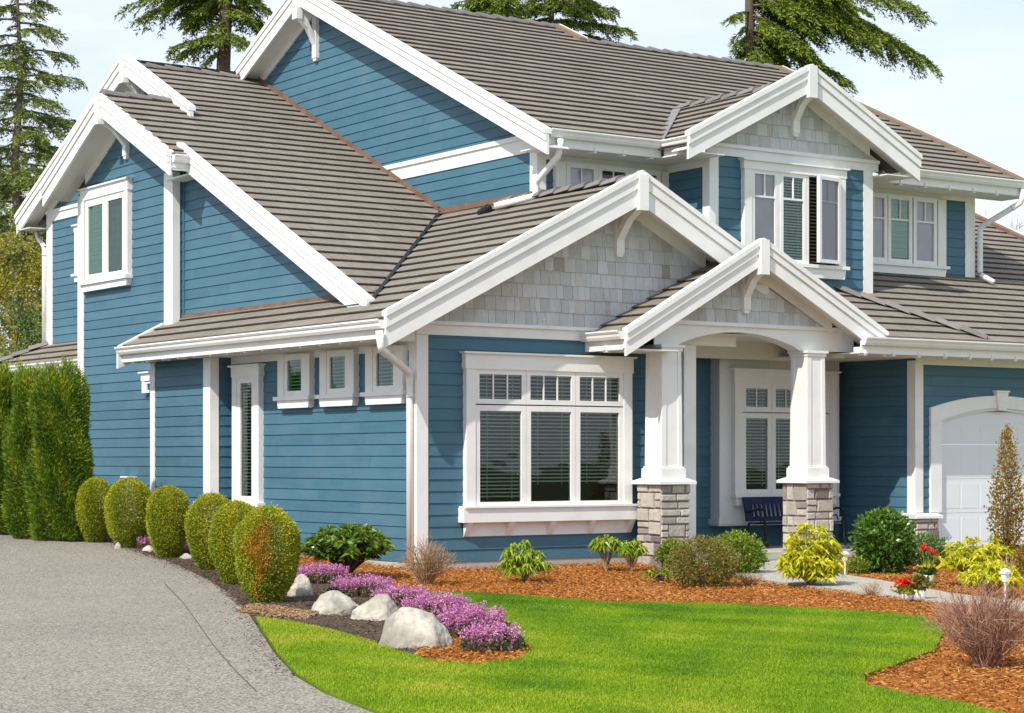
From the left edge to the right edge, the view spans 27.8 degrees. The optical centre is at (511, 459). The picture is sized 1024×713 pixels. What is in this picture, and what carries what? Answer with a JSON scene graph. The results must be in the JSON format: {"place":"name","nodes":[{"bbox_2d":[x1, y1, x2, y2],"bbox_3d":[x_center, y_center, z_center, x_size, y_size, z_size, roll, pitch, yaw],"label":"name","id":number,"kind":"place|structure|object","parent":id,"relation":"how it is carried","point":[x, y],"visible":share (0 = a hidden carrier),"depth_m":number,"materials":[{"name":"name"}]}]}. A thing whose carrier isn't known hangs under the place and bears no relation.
{"place":"outdoors","nodes":[
{"label":"outdoors","id":0,"kind":"place"},
{"bbox_2d":[0,533,372,712],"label":"driveway","id":1,"kind":"structure","parent":0,"point":[90,616],"depth_m":19.02,"materials":[{"name":"grey concrete"}]},
{"bbox_2d":[114,542,121,547],"bbox_3d":[-6.439,1.407,33.853,0.117,0.128,0.109,0,0,-35],"label":"rock","id":2,"kind":"object","parent":1,"relation":"on","point":[117,545],"visible":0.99,"depth_m":33.82,"materials":[{"name":"stone"}]},
{"bbox_2d":[40,585,256,691],"bbox_3d":[-3.971,1.659,21.194,3.178,0.030,13.141,0,0,-15],"label":"driveway joint","id":3,"kind":"object","parent":1,"relation":"on","point":[203,631],"visible":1,"depth_m":18.18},
{"bbox_2d":[0,529,446,655],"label":"soil bed","id":4,"kind":"object","parent":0,"point":[317,619],"visible":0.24,"depth_m":23.75,"materials":[{"name":"brown soil"}]},
{"bbox_2d":[0,387,6,527],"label":"hedge thuja","id":5,"kind":"object","parent":4,"relation":"on","point":[0,472],"visible":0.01,"depth_m":37.18,"materials":[{"name":"green plant"}]},
{"bbox_2d":[0,356,31,533],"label":"hedge thuja","id":6,"kind":"object","parent":4,"relation":"on","point":[6,382],"visible":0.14,"depth_m":36.53,"materials":[{"name":"green plant"}]},
{"bbox_2d":[0,360,74,538],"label":"hedge thuja","id":7,"kind":"object","parent":4,"relation":"on","point":[17,431],"visible":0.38,"depth_m":35.54,"materials":[{"name":"green plant"}]},
{"bbox_2d":[21,354,94,539],"bbox_3d":[-7.700,-0.214,35.407,1.334,3.333,1.347,0,0,-35],"label":"hedge thuja","id":8,"kind":"object","parent":4,"relation":"on","point":[61,389],"visible":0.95,"depth_m":35.11,"materials":[{"name":"green plant"}]},
{"bbox_2d":[73,476,116,542],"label":"globe shrub","id":9,"kind":"object","parent":4,"relation":"on","point":[94,524],"visible":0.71,"depth_m":34.94,"materials":[{"name":"green plant"}]},
{"bbox_2d":[102,475,152,546],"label":"globe shrub","id":10,"kind":"object","parent":4,"relation":"on","point":[115,517],"visible":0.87,"depth_m":33.92,"materials":[{"name":"green plant"}]},
{"bbox_2d":[135,536,151,547],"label":"heather","id":11,"kind":"object","parent":4,"relation":"on","point":[145,542],"visible":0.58,"depth_m":33.89,"materials":[{"name":"purple plant"}]},
{"bbox_2d":[142,545,152,551],"bbox_3d":[-5.848,1.434,33.316,0.221,0.124,0.168,0,0,2],"label":"rock","id":12,"kind":"object","parent":4,"relation":"on","point":[148,548],"visible":0.68,"depth_m":33.27,"materials":[{"name":"stone"}]},
{"bbox_2d":[145,484,189,557],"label":"globe shrub","id":13,"kind":"object","parent":4,"relation":"on","point":[169,537],"visible":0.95,"depth_m":31.92,"materials":[{"name":"green plant"}]},
{"bbox_2d":[179,553,191,558],"bbox_3d":[-5.005,1.494,31.842,0.243,0.118,0.203,0,0,4],"label":"rock","id":14,"kind":"object","parent":4,"relation":"on","point":[185,556],"visible":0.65,"depth_m":31.78,"materials":[{"name":"stone"}]},
{"bbox_2d":[181,543,190,554],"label":"heather","id":15,"kind":"object","parent":4,"relation":"on","point":[186,549],"visible":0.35,"depth_m":32.37,"materials":[{"name":"purple plant"}]},
{"bbox_2d":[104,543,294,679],"bbox_3d":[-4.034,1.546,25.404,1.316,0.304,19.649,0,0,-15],"label":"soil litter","id":16,"kind":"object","parent":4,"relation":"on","point":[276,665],"visible":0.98,"depth_m":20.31,"materials":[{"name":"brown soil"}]},
{"bbox_2d":[184,489,234,569],"bbox_3d":[-4.372,1.021,30.032,0.820,1.191,0.805,0,0,-35],"label":"globe shrub","id":17,"kind":"object","parent":4,"relation":"on","point":[195,526],"visible":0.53,"depth_m":29.79,"materials":[{"name":"green plant"}]},
{"bbox_2d":[206,498,264,583],"bbox_3d":[-3.702,1.089,27.917,0.799,1.199,0.824,0,0,-35],"label":"globe shrub","id":18,"kind":"object","parent":4,"relation":"on","point":[219,553],"visible":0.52,"depth_m":27.71,"materials":[{"name":"green plant"}]},
{"bbox_2d":[229,502,301,602],"bbox_3d":[-2.880,1.094,24.382,0.881,1.212,0.849,0,0,-35],"label":"globe shrub","id":19,"kind":"object","parent":4,"relation":"on","point":[259,581],"visible":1,"depth_m":24.17,"materials":[{"name":"green plant"}]},
{"bbox_2d":[235,602,317,619],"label":"dead grass","id":20,"kind":"structure","parent":4,"relation":"on","point":[271,610],"depth_m":22.36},
{"bbox_2d":[287,574,312,596],"bbox_3d":[-2.605,1.594,25.499,0.323,0.376,0.300,0,0,-35],"label":"rock","id":21,"kind":"object","parent":4,"relation":"on","point":[301,586],"visible":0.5,"depth_m":25.42,"materials":[{"name":"stone"}]},
{"bbox_2d":[295,561,350,582],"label":"heather","id":22,"kind":"object","parent":4,"relation":"on","point":[321,573],"visible":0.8,"depth_m":28.11,"materials":[{"name":"purple plant"}]},
{"bbox_2d":[312,590,358,614],"bbox_3d":[-1.923,1.596,22.557,0.538,0.352,0.503,0,0,-35],"label":"rock","id":23,"kind":"object","parent":4,"relation":"on","point":[335,602],"visible":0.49,"depth_m":22.42,"materials":[{"name":"stone"}]},
{"bbox_2d":[326,573,395,596],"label":"heather","id":24,"kind":"object","parent":4,"relation":"on","point":[363,586],"visible":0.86,"depth_m":25.31,"materials":[{"name":"purple plant"}]},
{"bbox_2d":[350,593,397,620],"bbox_3d":[-1.415,1.593,21.765,0.550,0.375,0.536,0,0,-35],"label":"rock","id":25,"kind":"object","parent":4,"relation":"on","point":[379,607],"visible":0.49,"depth_m":21.64,"materials":[{"name":"stone"}]},
{"bbox_2d":[367,583,430,606],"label":"heather","id":26,"kind":"object","parent":4,"relation":"on","point":[396,595],"visible":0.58,"depth_m":23.86,"materials":[{"name":"purple plant"}]},
{"bbox_2d":[378,607,452,648],"bbox_3d":[-0.865,1.569,18.600,0.686,0.498,0.668,0,0,-35],"label":"rock","id":27,"kind":"object","parent":4,"relation":"on","point":[406,627],"visible":0.53,"depth_m":18.46,"materials":[{"name":"stone"}]},
{"bbox_2d":[416,635,521,661],"bbox_3d":[-0.488,1.673,19.558,1.051,0.017,5.648,0,0,-6],"label":"mulch patch","id":28,"kind":"object","parent":4,"relation":"on","point":[483,657],"visible":0.16,"depth_m":17.74,"materials":[{"name":"brown wood"}]},
{"bbox_2d":[398,589,470,618],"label":"heather","id":29,"kind":"object","parent":28,"relation":"on","point":[429,603],"visible":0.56,"depth_m":21.63,"materials":[{"name":"purple plant"}]},
{"bbox_2d":[431,600,510,637],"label":"heather","id":30,"kind":"object","parent":28,"relation":"on","point":[453,622],"visible":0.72,"depth_m":19.50,"materials":[{"name":"purple plant"}]},
{"bbox_2d":[412,616,532,665],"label":"mulch litter","id":31,"kind":"object","parent":28,"relation":"on","point":[461,656],"visible":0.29,"depth_m":17.71,"materials":[{"name":"brown wood"}]},
{"bbox_2d":[456,619,528,651],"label":"heather","id":32,"kind":"object","parent":28,"relation":"on","point":[496,637],"visible":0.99,"depth_m":18.02,"materials":[{"name":"purple plant"}]},
{"bbox_2d":[0,0,1023,444],"label":"sky","id":33,"kind":"structure","parent":0,"point":[977,46],"materials":[{"name":"white"}]},
{"bbox_2d":[185,543,1023,712],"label":"mulch","id":34,"kind":"object","parent":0,"point":[582,583],"visible":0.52,"depth_m":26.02,"materials":[{"name":"brown wood"}]},
{"bbox_2d":[300,522,395,575],"bbox_3d":[-2.335,1.267,29.122,1.386,0.811,1.407,0,0,-35],"label":"rhododendron","id":35,"kind":"object","parent":34,"relation":"on","point":[352,546],"visible":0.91,"depth_m":28.87,"materials":[{"name":"green plant"}]},
{"bbox_2d":[389,534,462,585],"bbox_3d":[-1.148,1.313,27.908,0.981,0.774,1.050,0,0,-35],"label":"dormant shrub","id":36,"kind":"object","parent":34,"relation":"on","point":[427,574],"visible":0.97,"depth_m":27.84,"materials":[{"name":"brown plant"}]},
{"bbox_2d":[493,540,553,581],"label":"rhododendron","id":37,"kind":"object","parent":34,"relation":"on","point":[524,562],"visible":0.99,"depth_m":28.44,"materials":[{"name":"green plant"}]},
{"bbox_2d":[588,534,621,571],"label":"rhododendron","id":38,"kind":"object","parent":34,"relation":"on","point":[603,543],"visible":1,"depth_m":31.12,"materials":[{"name":"green plant"}]},
{"bbox_2d":[614,539,648,570],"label":"rhododendron","id":39,"kind":"object","parent":34,"relation":"on","point":[625,548],"visible":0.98,"depth_m":31.04,"materials":[{"name":"green plant"}]},
{"bbox_2d":[640,563,675,581],"bbox_3d":[2.047,1.563,28.436,0.604,0.320,0.455,0,0,20],"label":"hyacinth","id":40,"kind":"object","parent":34,"relation":"on","point":[658,572],"visible":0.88,"depth_m":28.39,"materials":[{"name":"green plant"}]},
{"bbox_2d":[653,536,688,569],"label":"shrub","id":41,"kind":"object","parent":34,"relation":"on","point":[664,548],"visible":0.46,"depth_m":31.68,"materials":[{"name":"green plant"}]},
{"bbox_2d":[660,533,745,587],"bbox_3d":[2.522,1.337,27.466,1.124,0.733,1.112,0,0,-35],"label":"shrub","id":42,"kind":"object","parent":34,"relation":"on","point":[697,575],"visible":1,"depth_m":27.31,"materials":[{"name":"green plant"}]},
{"bbox_2d":[708,529,769,574],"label":"shrub","id":43,"kind":"object","parent":34,"relation":"on","point":[750,563],"visible":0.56,"depth_m":30.26,"materials":[{"name":"green plant"}]},
{"bbox_2d":[736,569,765,585],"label":"dry grass clump","id":44,"kind":"object","parent":34,"relation":"on","point":[748,581],"visible":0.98,"depth_m":27.72,"materials":[{"name":"brown plant"}]},
{"bbox_2d":[774,523,847,584],"bbox_3d":[3.949,1.263,27.484,0.994,0.861,1.034,0,0,-35],"label":"golden shrub","id":45,"kind":"object","parent":34,"relation":"on","point":[814,561],"visible":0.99,"depth_m":27.29,"materials":[{"name":"yellow plant"}]},
{"bbox_2d":[842,551,849,574],"bbox_3d":[4.791,1.515,29.803,0.092,0.402,0.092,0,0,-35],"label":"path light","id":46,"kind":"object","parent":34,"relation":"on","point":[846,553],"visible":0.66,"depth_m":29.79,"materials":[{"name":"metal"}]},
{"bbox_2d":[842,555,870,574],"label":"shrub","id":47,"kind":"object","parent":34,"relation":"on","point":[862,567],"visible":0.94,"depth_m":30.39,"materials":[{"name":"green plant"}]},
{"bbox_2d":[857,581,884,593],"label":"dry grass clump","id":48,"kind":"object","parent":34,"relation":"on","point":[872,591],"visible":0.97,"depth_m":25.71,"materials":[{"name":"brown plant"}]},
{"bbox_2d":[846,504,921,573],"bbox_3d":[5.545,1.190,30.785,1.144,1.083,1.089,0,0,-35],"label":"glossy shrub","id":49,"kind":"object","parent":34,"relation":"on","point":[876,550],"visible":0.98,"depth_m":30.55,"materials":[{"name":"green plant"}]},
{"bbox_2d":[890,576,919,600],"bbox_3d":[4.718,1.529,24.721,0.383,0.294,0.379,0,0,-35],"label":"flower pot","id":50,"kind":"object","parent":34,"relation":"on","point":[904,590],"visible":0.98,"depth_m":24.65,"materials":[{"name":"red plant"}]},
{"bbox_2d":[906,572,935,600],"bbox_3d":[4.846,1.497,24.754,0.448,0.358,0.402,0,0,39],"label":"flower pot","id":51,"kind":"object","parent":34,"relation":"on","point":[923,583],"visible":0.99,"depth_m":24.64,"materials":[{"name":"green plant"}]},
{"bbox_2d":[913,544,938,582],"bbox_3d":[5.619,1.402,28.033,0.324,0.548,0.290,0,0,-35],"label":"flower pot","id":52,"kind":"object","parent":34,"relation":"on","point":[926,568],"visible":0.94,"depth_m":27.99,"materials":[{"name":"red plant"}]},
{"bbox_2d":[909,531,952,566],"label":"shrub","id":53,"kind":"object","parent":34,"relation":"on","point":[939,545],"visible":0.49,"depth_m":32.41,"materials":[{"name":"green plant"}]},
{"bbox_2d":[911,573,1023,668],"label":"dormant shrub","id":54,"kind":"object","parent":34,"relation":"on","point":[978,635],"visible":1,"depth_m":16.71,"materials":[{"name":"brown plant"}]},
{"bbox_2d":[933,535,1004,574],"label":"golden shrub","id":55,"kind":"object","parent":34,"relation":"on","point":[962,557],"visible":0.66,"depth_m":27.46,"materials":[{"name":"yellow plant"}]},
{"bbox_2d":[955,559,1023,593],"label":"golden shrub","id":56,"kind":"object","parent":34,"relation":"on","point":[989,573],"visible":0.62,"depth_m":25.35,"materials":[{"name":"yellow plant"}]},
{"bbox_2d":[982,535,1015,569],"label":"golden shrub","id":57,"kind":"object","parent":34,"relation":"on","point":[1002,549],"visible":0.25,"depth_m":30.65,"materials":[{"name":"yellow plant"}]},
{"bbox_2d":[983,423,1023,566],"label":"columnar tree","id":58,"kind":"object","parent":34,"relation":"on","point":[1007,527],"visible":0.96,"depth_m":30.73,"materials":[{"name":"green plant"}]},
{"bbox_2d":[999,568,1010,600],"bbox_3d":[5.709,1.486,23.982,0.092,0.460,0.092,0,0,-35],"label":"path light","id":59,"kind":"object","parent":34,"relation":"on","point":[1004,572],"visible":0.78,"depth_m":23.96,"materials":[{"name":"metal"}]},
{"bbox_2d":[999,555,1019,591],"bbox_3d":[6.237,1.420,26.204,0.360,0.560,0.376,0,0,24],"label":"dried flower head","id":60,"kind":"object","parent":34,"relation":"on","point":[1003,563],"visible":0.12,"depth_m":26.19},
{"bbox_2d":[1007,541,1023,579],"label":"bronze shrub","id":61,"kind":"object","parent":34,"relation":"on","point":[1020,563],"visible":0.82,"depth_m":28.55,"materials":[{"name":"brown plant"}]},
{"bbox_2d":[255,591,1004,712],"bbox_3d":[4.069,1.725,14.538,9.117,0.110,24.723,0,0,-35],"label":"lawn","id":62,"kind":"structure","parent":0,"point":[305,679],"depth_m":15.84,"materials":[{"name":"green plant"}]},
{"bbox_2d":[252,478,1022,622],"bbox_3d":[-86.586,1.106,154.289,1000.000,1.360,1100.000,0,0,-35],"label":"ground","id":63,"kind":"structure","parent":0,"point":[1017,546],"depth_m":40.28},
{"bbox_2d":[0,168,28,336],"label":"conifer","id":64,"kind":"object","parent":63,"relation":"on","point":[2,321],"visible":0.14,"depth_m":70.99,"materials":[{"name":"green plant"}]},
{"bbox_2d":[0,220,41,356],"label":"young tree","id":65,"kind":"object","parent":63,"relation":"on","point":[3,282],"visible":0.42,"depth_m":55.95,"materials":[{"name":"green plant"}]},
{"bbox_2d":[0,290,41,357],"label":"bush","id":66,"kind":"object","parent":63,"relation":"on","point":[19,324],"visible":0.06,"depth_m":49.36,"materials":[{"name":"green plant"}]},
{"bbox_2d":[0,313,41,354],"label":"bush","id":67,"kind":"object","parent":63,"relation":"on","point":[33,340],"visible":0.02,"depth_m":50.89,"materials":[{"name":"green plant"}]},
{"bbox_2d":[0,203,41,356],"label":"young tree","id":68,"kind":"object","parent":63,"relation":"on","point":[12,280],"depth_m":89.35,"materials":[{"name":"green plant"}]},
{"bbox_2d":[0,226,45,356],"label":"young tree","id":69,"kind":"object","parent":63,"relation":"on","point":[35,273],"visible":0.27,"depth_m":59.62,"materials":[{"name":"green plant"}]},
{"bbox_2d":[0,125,45,355],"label":"young tree","id":70,"kind":"object","parent":63,"relation":"on","point":[7,205],"visible":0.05,"depth_m":79.61,"materials":[{"name":"green plant"}]},
{"bbox_2d":[0,142,60,351],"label":"young tree","id":71,"kind":"object","parent":63,"relation":"on","point":[10,300],"visible":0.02,"depth_m":65.86,"materials":[{"name":"green plant"}]},
{"bbox_2d":[0,0,87,352],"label":"conifer","id":72,"kind":"object","parent":63,"relation":"on","point":[21,179],"visible":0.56,"depth_m":61.83,"materials":[{"name":"green plant"}]},
{"bbox_2d":[114,0,272,70],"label":"conifer","id":73,"kind":"object","parent":63,"relation":"on","point":[196,15],"visible":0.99,"depth_m":65.89,"materials":[{"name":"green plant"}]},
{"bbox_2d":[450,0,531,19],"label":"conifer","id":74,"kind":"object","parent":63,"relation":"on","point":[500,7],"visible":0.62,"depth_m":73.28,"materials":[{"name":"green plant"}]},
{"bbox_2d":[0,0,1023,569],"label":"house","id":75,"kind":"structure","parent":63,"relation":"on","point":[476,288],"depth_m":35.93,"materials":[{"name":"blue wood"}]},
{"bbox_2d":[71,224,77,281],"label":"window","id":76,"kind":"structure","parent":75,"relation":"in","point":[75,275],"depth_m":44.15,"materials":[{"name":"white paint"}]},
{"bbox_2d":[77,176,133,292],"bbox_3d":[-7.822,-4.294,39.795,0.167,2.020,2.350,0,0,-35],"label":"window","id":77,"kind":"structure","parent":75,"relation":"in","point":[106,207],"depth_m":39.69,"materials":[{"name":"white paint"}]},
{"bbox_2d":[138,371,149,392],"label":"window","id":78,"kind":"structure","parent":75,"relation":"in","point":[145,376],"depth_m":38.23,"materials":[{"name":"white paint"}]},
{"bbox_2d":[227,363,265,511],"bbox_3d":[-4.509,-0.344,35.168,0.167,2.540,1.130,0,0,-35],"label":"window","id":79,"kind":"structure","parent":75,"relation":"in","point":[247,379],"depth_m":35.19,"materials":[{"name":"white paint"}]},
{"bbox_2d":[273,353,314,408],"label":"window","id":80,"kind":"structure","parent":75,"relation":"in","point":[295,372],"depth_m":33.77,"materials":[{"name":"white paint"}]},
{"bbox_2d":[314,349,360,406],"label":"window","id":81,"kind":"structure","parent":75,"relation":"in","point":[338,369],"depth_m":32.59,"materials":[{"name":"white paint"}]},
{"bbox_2d":[360,345,408,404],"bbox_3d":[-1.925,-1.284,31.422,0.167,0.880,1.220,0,0,-35],"label":"window","id":82,"kind":"structure","parent":75,"relation":"in","point":[385,383],"depth_m":31.46,"materials":[{"name":"white paint"}]},
{"bbox_2d":[459,351,637,505],"bbox_3d":[0.599,-0.454,32.108,3.310,2.360,0.162,0,0,-35],"label":"window","id":83,"kind":"structure","parent":75,"relation":"in","point":[513,455],"depth_m":32.10,"materials":[{"name":"white paint"}]},
{"bbox_2d":[553,161,668,188],"bbox_3d":[1.735,-4.429,35.594,2.480,1.230,0.110,0,0,-35],"label":"window","id":84,"kind":"structure","parent":75,"relation":"in","point":[565,173],"depth_m":35.29,"materials":[{"name":"white paint"}]},
{"bbox_2d":[728,368,840,505],"bbox_3d":[4.833,-0.394,36.544,2.550,2.380,0.167,0,0,-35],"label":"window","id":85,"kind":"structure","parent":75,"relation":"in","point":[760,442],"depth_m":36.29,"materials":[{"name":"white paint"}]},
{"bbox_2d":[738,157,850,279],"bbox_3d":[5.002,-4.204,36.282,2.530,1.980,0.291,0,0,-35],"label":"window","id":86,"kind":"structure","parent":75,"relation":"in","point":[800,208],"depth_m":36.40,"materials":[{"name":"white paint"}]},
{"bbox_2d":[742,497,846,547],"bbox_3d":[4.936,1.081,36.148,1.900,0.871,0.670,0,0,-35],"label":"bench","id":87,"kind":"object","parent":75,"relation":"on","point":[748,502],"visible":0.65,"depth_m":35.99,"materials":[{"name":"blue paint"}]},
{"bbox_2d":[873,192,949,276],"bbox_3d":[7.381,-4.291,39.456,2.580,1.505,0.167,0,0,-35],"label":"window","id":88,"kind":"structure","parent":75,"relation":"in","point":[909,232],"depth_m":39.60,"materials":[{"name":"white paint"}]},
{"bbox_2d":[940,408,1023,546],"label":"garage door","id":89,"kind":"structure","parent":75,"relation":"in","point":[964,491],"depth_m":37.01,"materials":[{"name":"paint"}]},
{"bbox_2d":[517,0,638,42],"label":"conifer","id":90,"kind":"object","parent":63,"relation":"on","point":[582,11],"visible":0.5,"depth_m":79.50,"materials":[{"name":"green plant"}]},
{"bbox_2d":[720,0,943,96],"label":"conifer","id":91,"kind":"object","parent":63,"relation":"on","point":[773,39],"visible":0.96,"depth_m":69.43,"materials":[{"name":"green plant"}]},
{"bbox_2d":[1001,215,1023,478],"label":"bare tree","id":92,"kind":"object","parent":63,"relation":"on","point":[1016,229],"depth_m":74.08,"materials":[{"name":"brown plant"}]},
{"bbox_2d":[705,560,1023,611],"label":"path","id":93,"kind":"structure","parent":0,"point":[849,583],"depth_m":27.50,"materials":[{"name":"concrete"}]}
]}
#####
◆ **Exercise objective**
Lines holding the word "thuja" are the answer; copy every one from the records above.

◆ **Exercise solution**
{"bbox_2d":[0,387,6,527],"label":"hedge thuja","id":5,"kind":"object","parent":4,"relation":"on","point":[0,472],"visible":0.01,"depth_m":37.18,"materials":[{"name":"green plant"}]},
{"bbox_2d":[0,356,31,533],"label":"hedge thuja","id":6,"kind":"object","parent":4,"relation":"on","point":[6,382],"visible":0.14,"depth_m":36.53,"materials":[{"name":"green plant"}]},
{"bbox_2d":[0,360,74,538],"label":"hedge thuja","id":7,"kind":"object","parent":4,"relation":"on","point":[17,431],"visible":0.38,"depth_m":35.54,"materials":[{"name":"green plant"}]},
{"bbox_2d":[21,354,94,539],"bbox_3d":[-7.700,-0.214,35.407,1.334,3.333,1.347,0,0,-35],"label":"hedge thuja","id":8,"kind":"object","parent":4,"relation":"on","point":[61,389],"visible":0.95,"depth_m":35.11,"materials":[{"name":"green plant"}]},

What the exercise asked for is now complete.